President of L'Envoi de le RDC
- Incumbent
- Assumed office July 9, 2021
- Preceded by: Position established

Minister of Planning
- In office March 24, 2006 – October 10, 2006
- President: Joseph Kabila
- Vice President: Jean-Pierre Bemba Azarias Ruberwa Arthur Z'ahidi Ngoma Abdoulaye Yerodia Ndombasi
- Preceded by: Alexis Thambwe Mwamba
- Succeeded by: Olivier Kamitatu Etsu

Personal details
- Born: Delly Sesanga Hipungu Dja Kaseng Kapitu June 26, 1970 (age 56) Kolwezi, Lualaba Province, Zaire
- Relations: Patrice-Aime Sesanga (father)

= Delly Sesanga =

Congolese politician

Delly Sesanga Hipungu Dja Kaseng Kapitu is a Congolese lawyer and deputy in the National Assembly representing Luiza Territory. He was a candidate in the 2023 Democratic Republic of the Congo general election, but withdrew in favor of Moïse Katumbi. He is also the head of political party Envoi de la RDC.

== Biography ==
Sesanga was born on June 26, 1970, in Kolwezi, Lualaba Province, Zaire. He is the son of Patrice-Aime Sesanga, a lawyer and Congolese senator. He holds a doctorate in international security and defense from Grenoble Alpes University. he also holds a masters in business law and corporate taxation from Aix-Marseille University.

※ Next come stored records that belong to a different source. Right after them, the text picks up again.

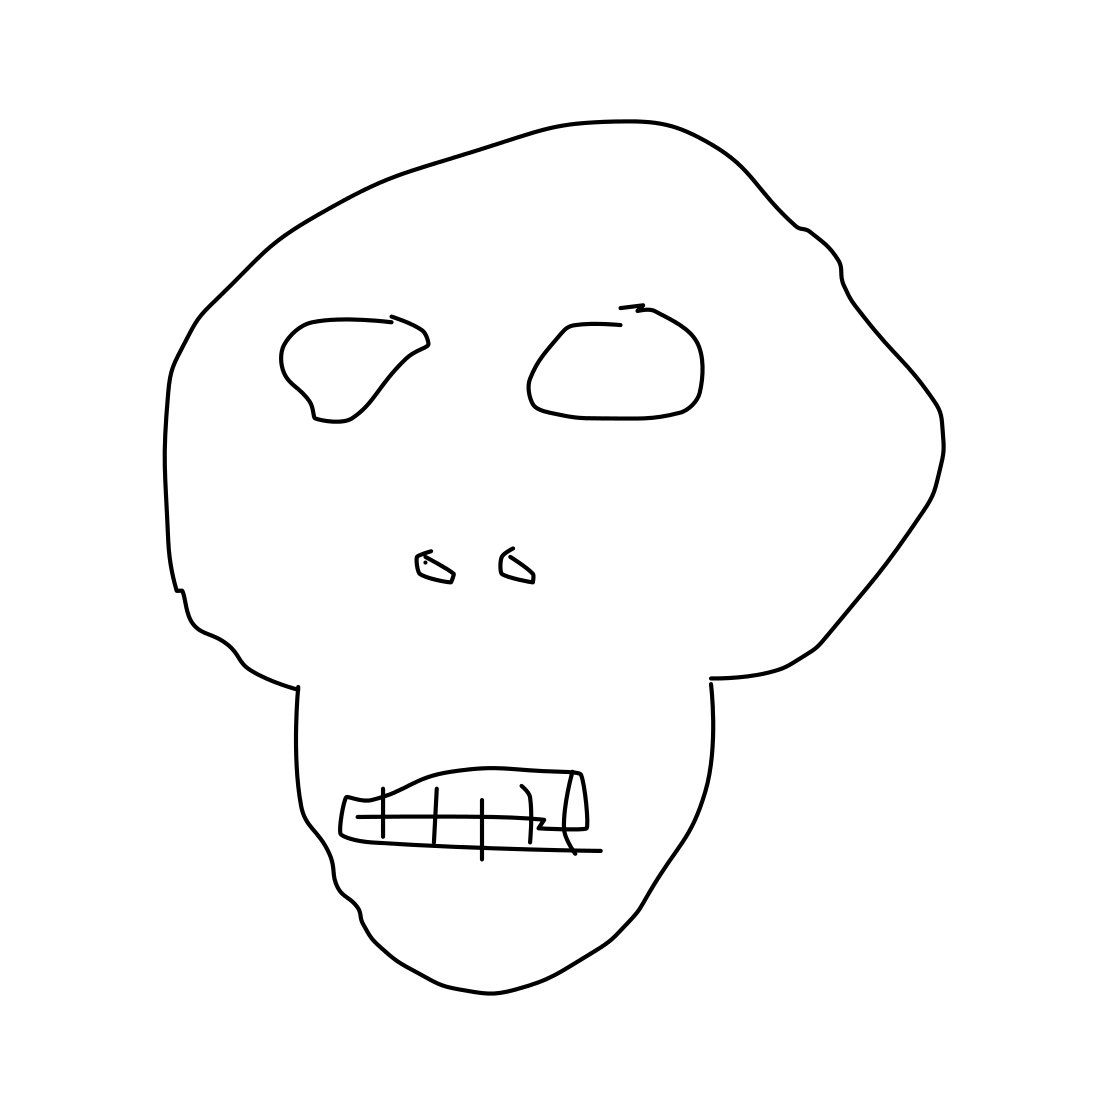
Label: skull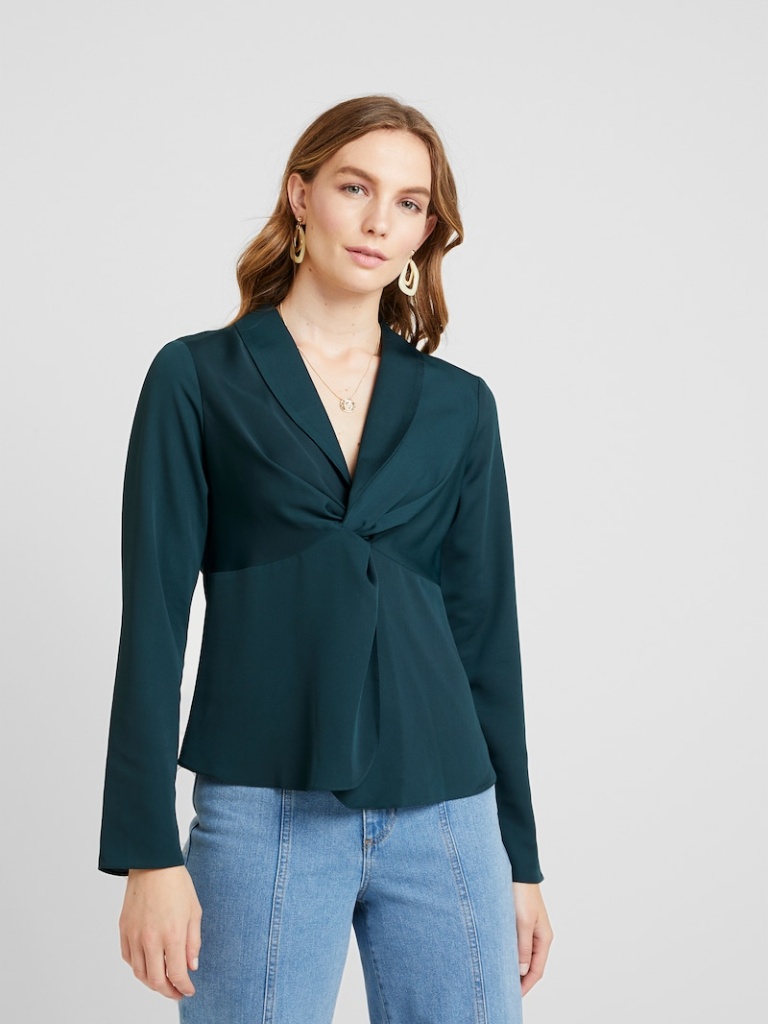
crepe relaxed a long-sleeved with the sleeves down hip length Untucked lapel blazer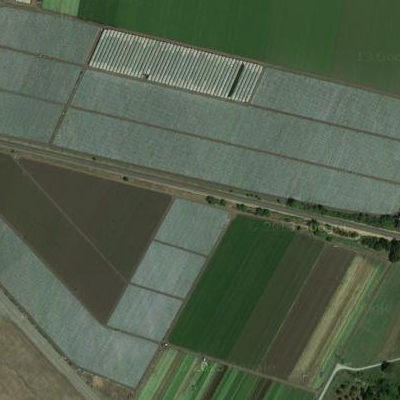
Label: bField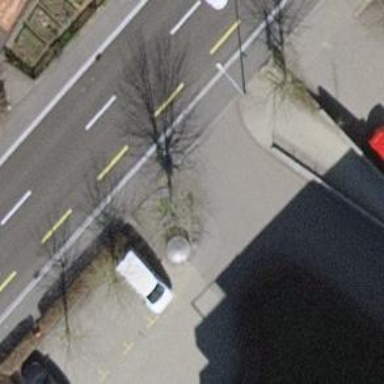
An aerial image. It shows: Asphalt sidewalk along the footway.
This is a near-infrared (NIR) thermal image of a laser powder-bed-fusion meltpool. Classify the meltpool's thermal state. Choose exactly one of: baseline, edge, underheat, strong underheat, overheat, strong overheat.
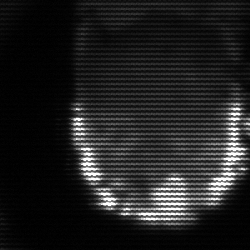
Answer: baseline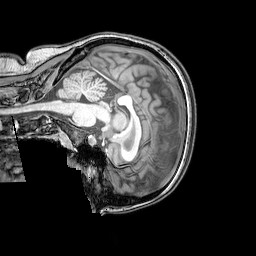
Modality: T1w
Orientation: sagittal
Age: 24
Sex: female
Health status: healthy
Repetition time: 0.081 s
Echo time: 0.037 s
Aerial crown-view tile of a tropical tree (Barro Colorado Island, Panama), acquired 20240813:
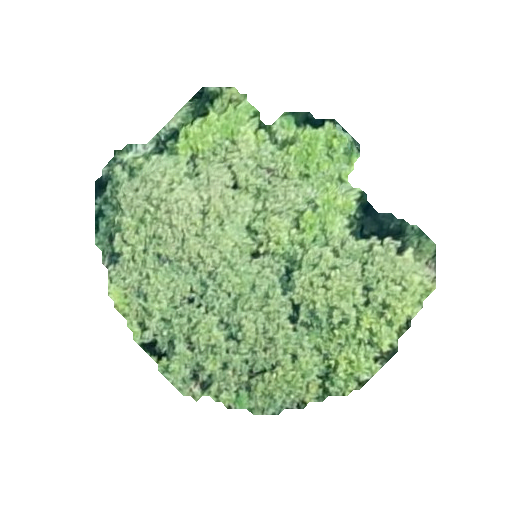
Species: Hieronyma alchorneoides
GBIF accepted scientific name: Hieronyma alchorneoides
Crown area: 116.455 m²
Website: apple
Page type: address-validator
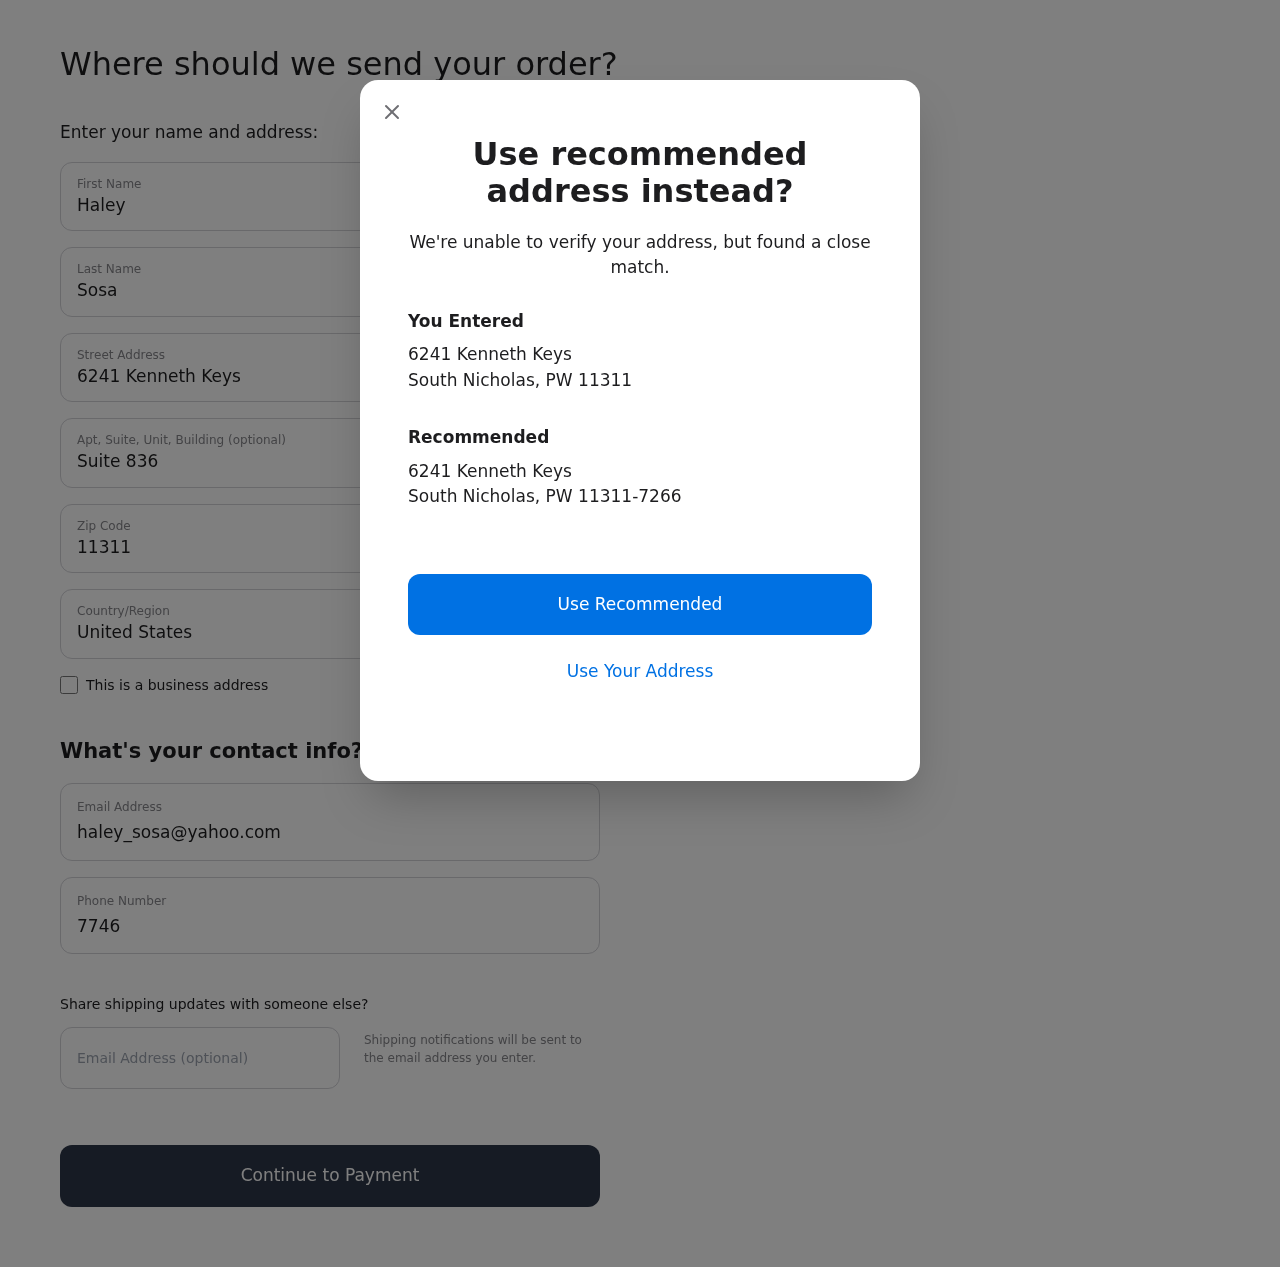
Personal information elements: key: PII_CITY
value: South Nicholas
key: PII_COUNTRY
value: United States
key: PII_EMAIL
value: haley_sosa@yahoo.com
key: PII_FIRSTNAME
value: Haley
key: PII_GIFT_EMAIL
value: tylergutierrez@yahoo.com
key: PII_LASTNAME
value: Sosa
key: PII_PHONE
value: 7746296863
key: PII_POSTCODE
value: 11311
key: PII_POSTCODE_FULL
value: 11311-7266
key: PII_STATE_ABBR
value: PW
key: PII_STREET
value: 6241 Kenneth Keys
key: PII_STREET2
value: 6241 Kenneth Keys
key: PII_STREET2
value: Suite 836
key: PII_CITY2
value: South Nicholas
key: PII_STATE_ABBR2
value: PW
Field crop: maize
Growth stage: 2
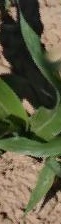
Species: maize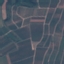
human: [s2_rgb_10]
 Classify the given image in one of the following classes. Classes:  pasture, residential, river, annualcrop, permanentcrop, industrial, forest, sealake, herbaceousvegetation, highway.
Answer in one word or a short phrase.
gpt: PermanentCrop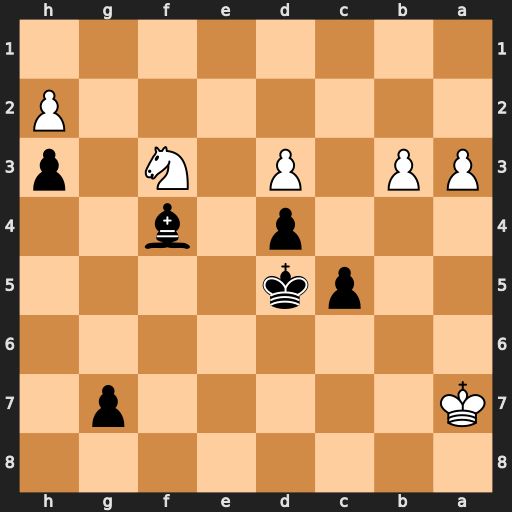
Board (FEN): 8/K5p1/8/2pk4/3p1b2/PP1P1N1p/7P/8
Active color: b
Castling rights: -
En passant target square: -
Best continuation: g5 Nxg5 Bxg5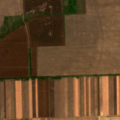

Sesanga left the Rally for Congolese Democracy (RCD) in the early 2000s, and returned to Paris for a short time. Between March 2003 and March 2006, Sesanga served as the chief of staff to the president of the Movement for the Liberation of the Congo (MLC) and vice-president of the Economy and Finance under Jean-Pierre Bemba. Between March 2006 and October 2006, he succeeded Alexis Thambwe Mwamba as Minister of Planning of the Democratic Republic of the Congo. He left this position after being elected deputy of Luiza Territory in the 2006 Democratic Republic of the Congo elections.

Sesanga was re-elected as a deputy during the 2011 Democratic Republic of the Congo elections, and supported Étienne Tshisekedi during the presidential election that year. In 2016, he was coordinator of the Alliance for the Republic, an alliance of sixteen political parties supporting Moïse Katumbi in the 2016 election. The election was postponed to 2018, and Katumbi was prevented from running. Sesanga pivoted to supporting Félix Tshisekedi instead. Under the Tshisekedi administration, Sesanga and deputies in his Envol party were critical of Tshisekedi, accusing him of a "regression of democracy" in the country.

Sesanga announced his candidacy for the 2023 Democratic Republic of the Congo presidential election in January 2023, but withdrew in December in favor of Moise Katumbi.

== Career within the National Assembly ==
Within the National Assembly, Sesanga led the Political, Administrative, and Legal Commission. He primarily focused on issues targeting administrative issues in the country including decentralization, freedom of demonstration, and judicial reform. He also worked to improve base infrastructure such as roads, education, and healthcare.